Can anyone explain this strange behaviour?
Don't use const char* as the key for maps. That means the map is ordered by the addresses of the strings, not the contents of the strings. Use a std::string as the key type, instead.
std::map is not a hash table, it's usually implemented as a red-black tree, and elements are guaranteed to be ordered by some criteria (by default, < comparison between keys).
The definition of map is:
map<Key, Data, Compare, Alloc>
Where the last two template parameters default too:
Compare: less<Key>
Alloc: allocator<value_type>
When inserting new values into a map.
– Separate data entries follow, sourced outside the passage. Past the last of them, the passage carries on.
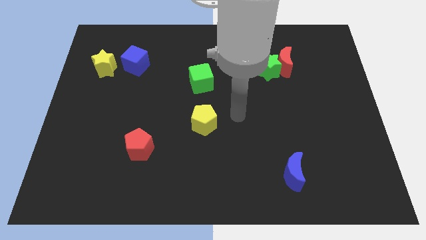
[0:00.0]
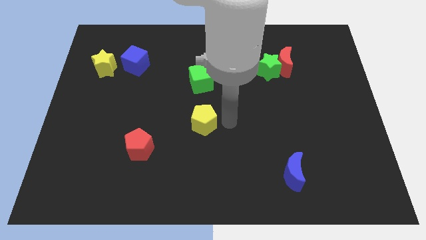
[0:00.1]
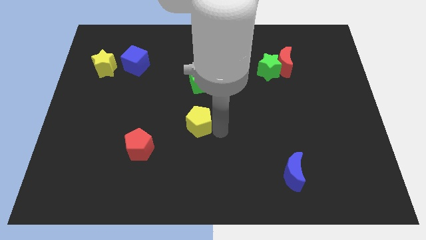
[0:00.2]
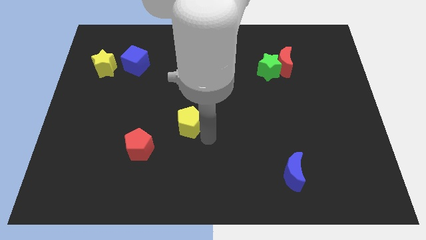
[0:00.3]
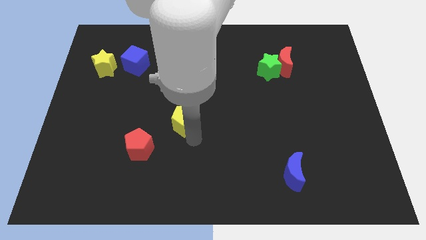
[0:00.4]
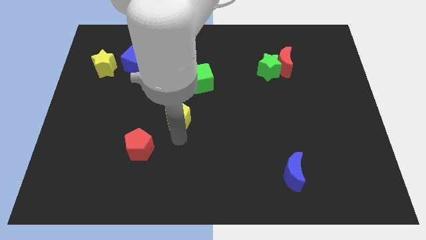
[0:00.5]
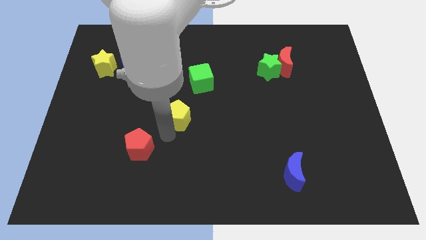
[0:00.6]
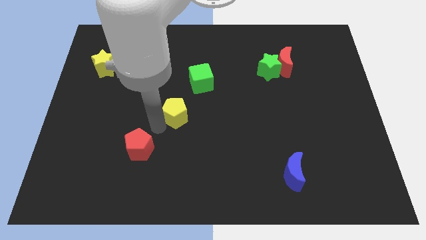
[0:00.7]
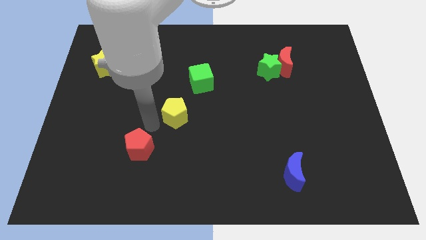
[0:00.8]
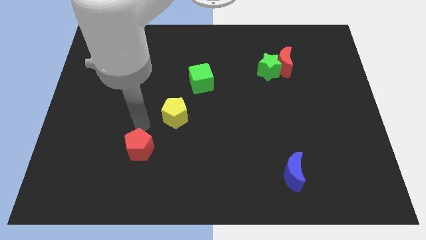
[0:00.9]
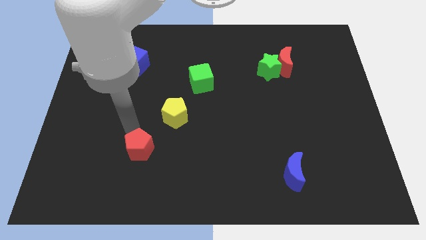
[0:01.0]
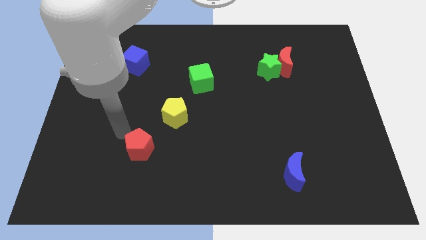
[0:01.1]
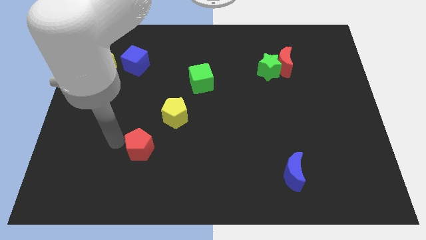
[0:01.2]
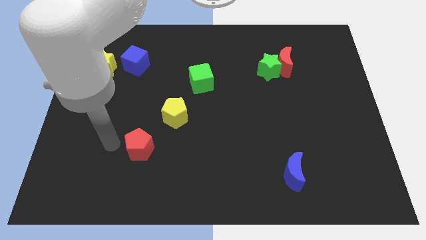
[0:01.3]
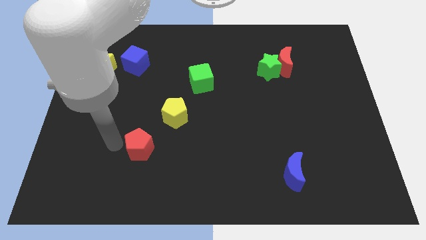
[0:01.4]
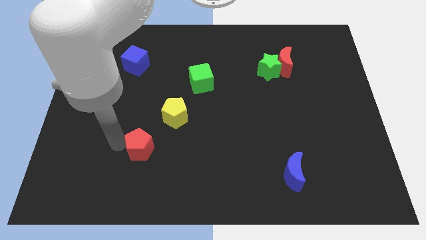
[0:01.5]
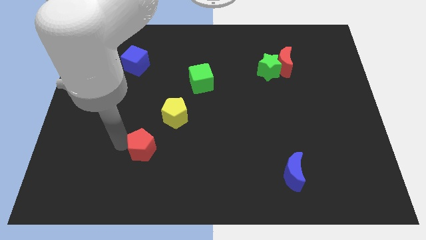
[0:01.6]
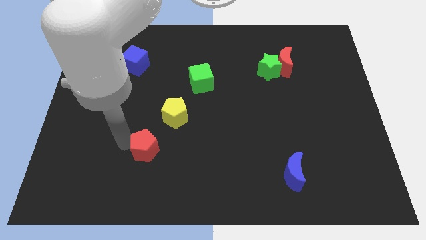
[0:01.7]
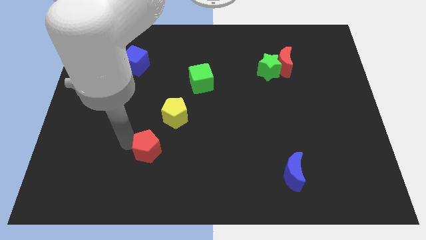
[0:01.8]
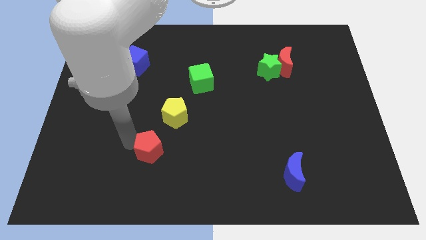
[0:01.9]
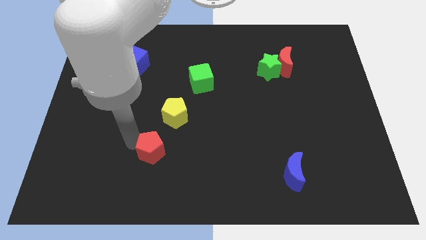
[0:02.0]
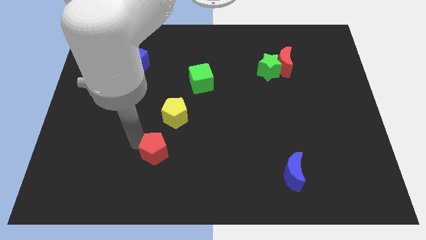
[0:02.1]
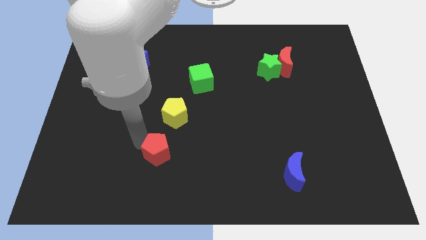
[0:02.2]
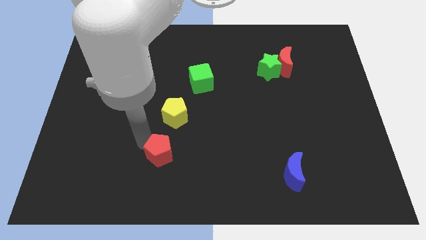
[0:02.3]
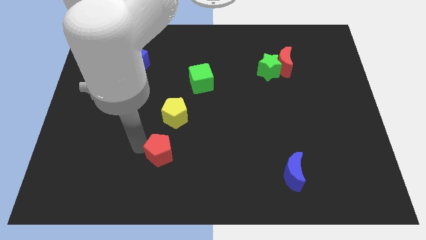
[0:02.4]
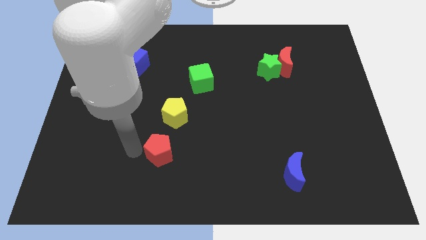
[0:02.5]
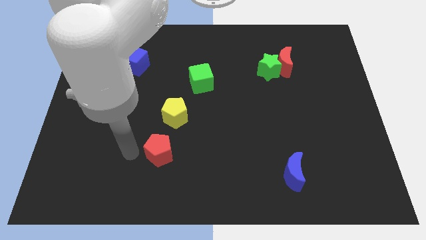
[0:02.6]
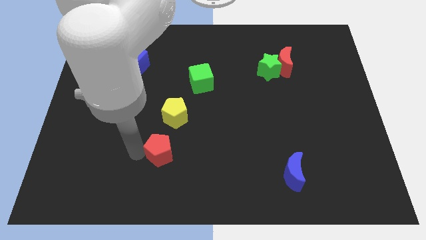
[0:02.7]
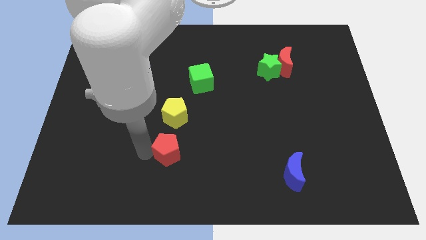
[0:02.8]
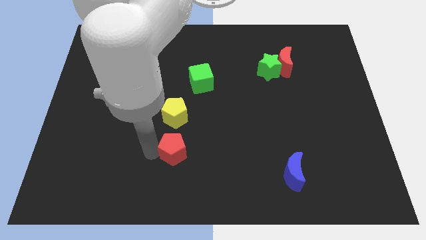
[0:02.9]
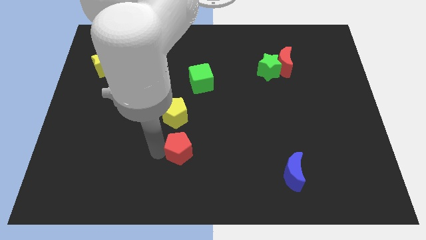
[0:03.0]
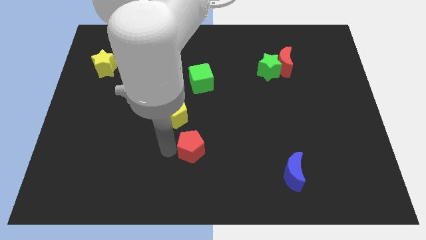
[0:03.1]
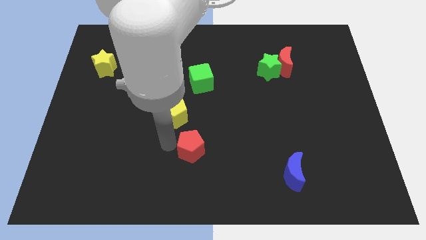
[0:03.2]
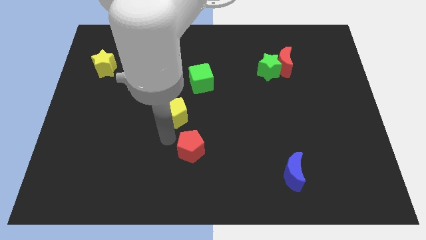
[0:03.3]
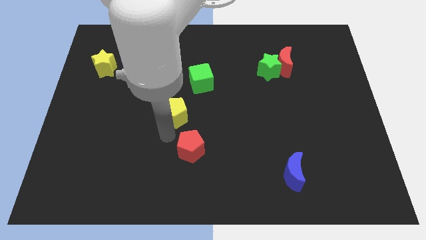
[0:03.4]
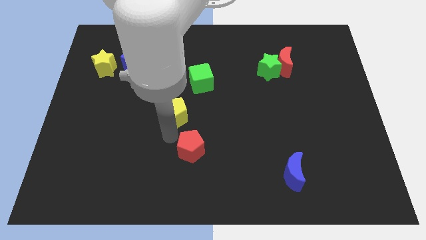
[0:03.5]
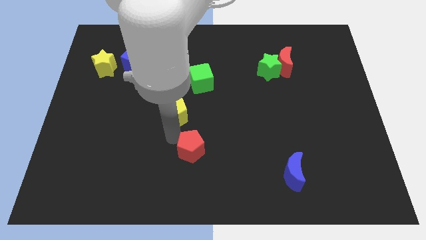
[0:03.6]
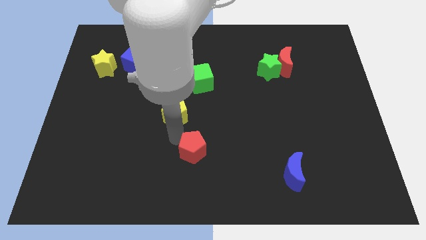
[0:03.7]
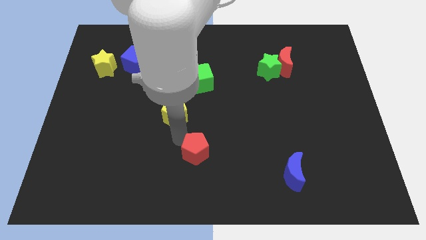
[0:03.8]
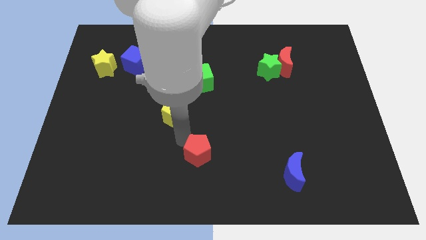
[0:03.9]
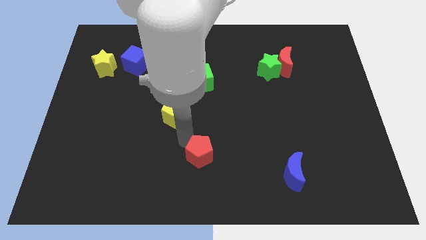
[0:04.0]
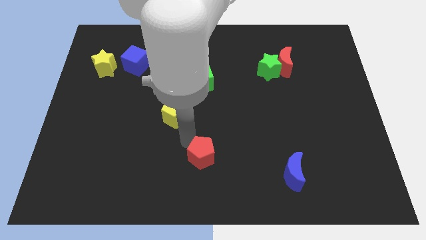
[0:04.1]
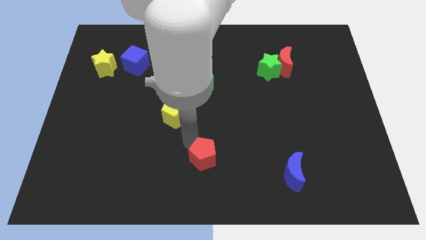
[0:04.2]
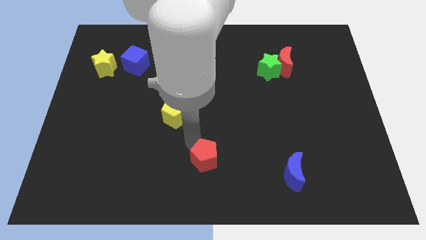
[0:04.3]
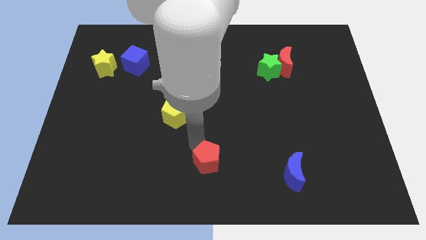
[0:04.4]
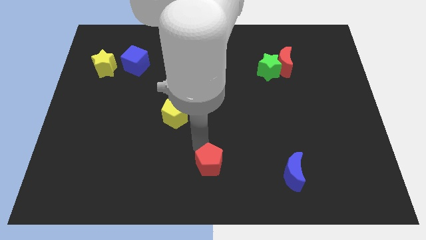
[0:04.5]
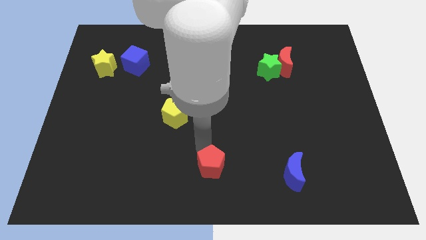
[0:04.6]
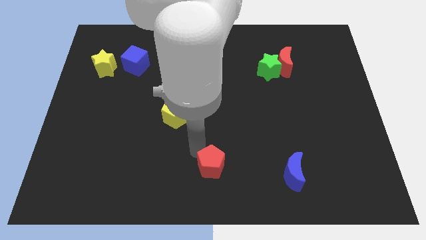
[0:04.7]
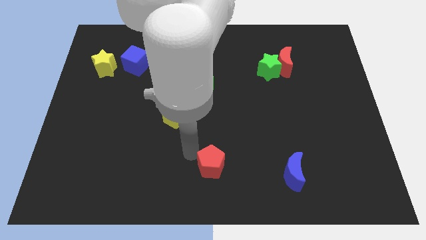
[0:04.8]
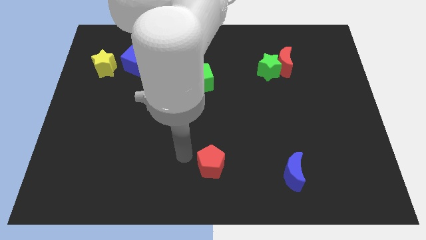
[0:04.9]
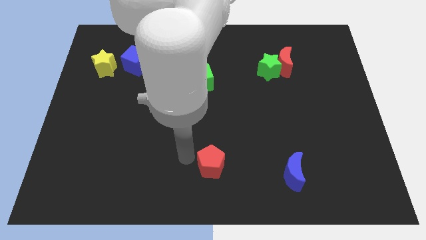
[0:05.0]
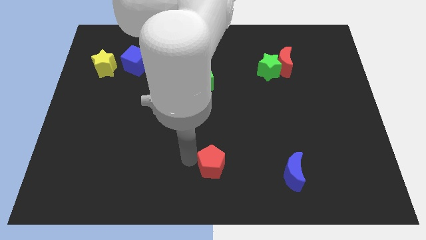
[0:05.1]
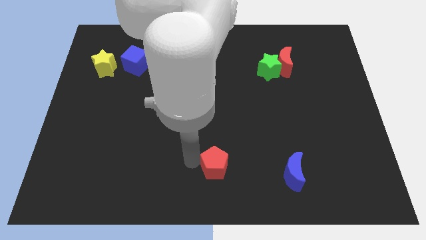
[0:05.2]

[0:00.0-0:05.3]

The new value (valueToInsert) is compared against the old values in order (N.B. This is not sequential search, the standard guarantees a max insert complexity of O(log(N)) ) until Compare(value,ValueToInsert) returns true. Because you are using 'const char*' as the key. The Compare Object is using less<const char*> this class just does a < on the two values. So in effect you are comparing the pointer values (not the string) therefore the order is random (as you don't know where the compiler will put strings.
There are two possible solutions:
Change the type of the key so that it compares the string values.
Define another Compare Type that does what you need.
Personally I (like Chris) would just use a std::string because < operator used on strings returns a comparison based on the string content. But for arguments sake we can just define a Compare type.
struct StringLess
{
bool operator()(const char* const& left,const char* const& right) const
{
return strcmp(left,right) < 0;
}
};
///
typedef std::map<const char*, int,StringLess> TMyMap;
If you want to use const char * as the key for your map, also set a key comparison function that uses strcmp (or similar) to compare the keys. That way your map will be ordered by the string's contents, rather than the string's pointer value (i.e. location in memory).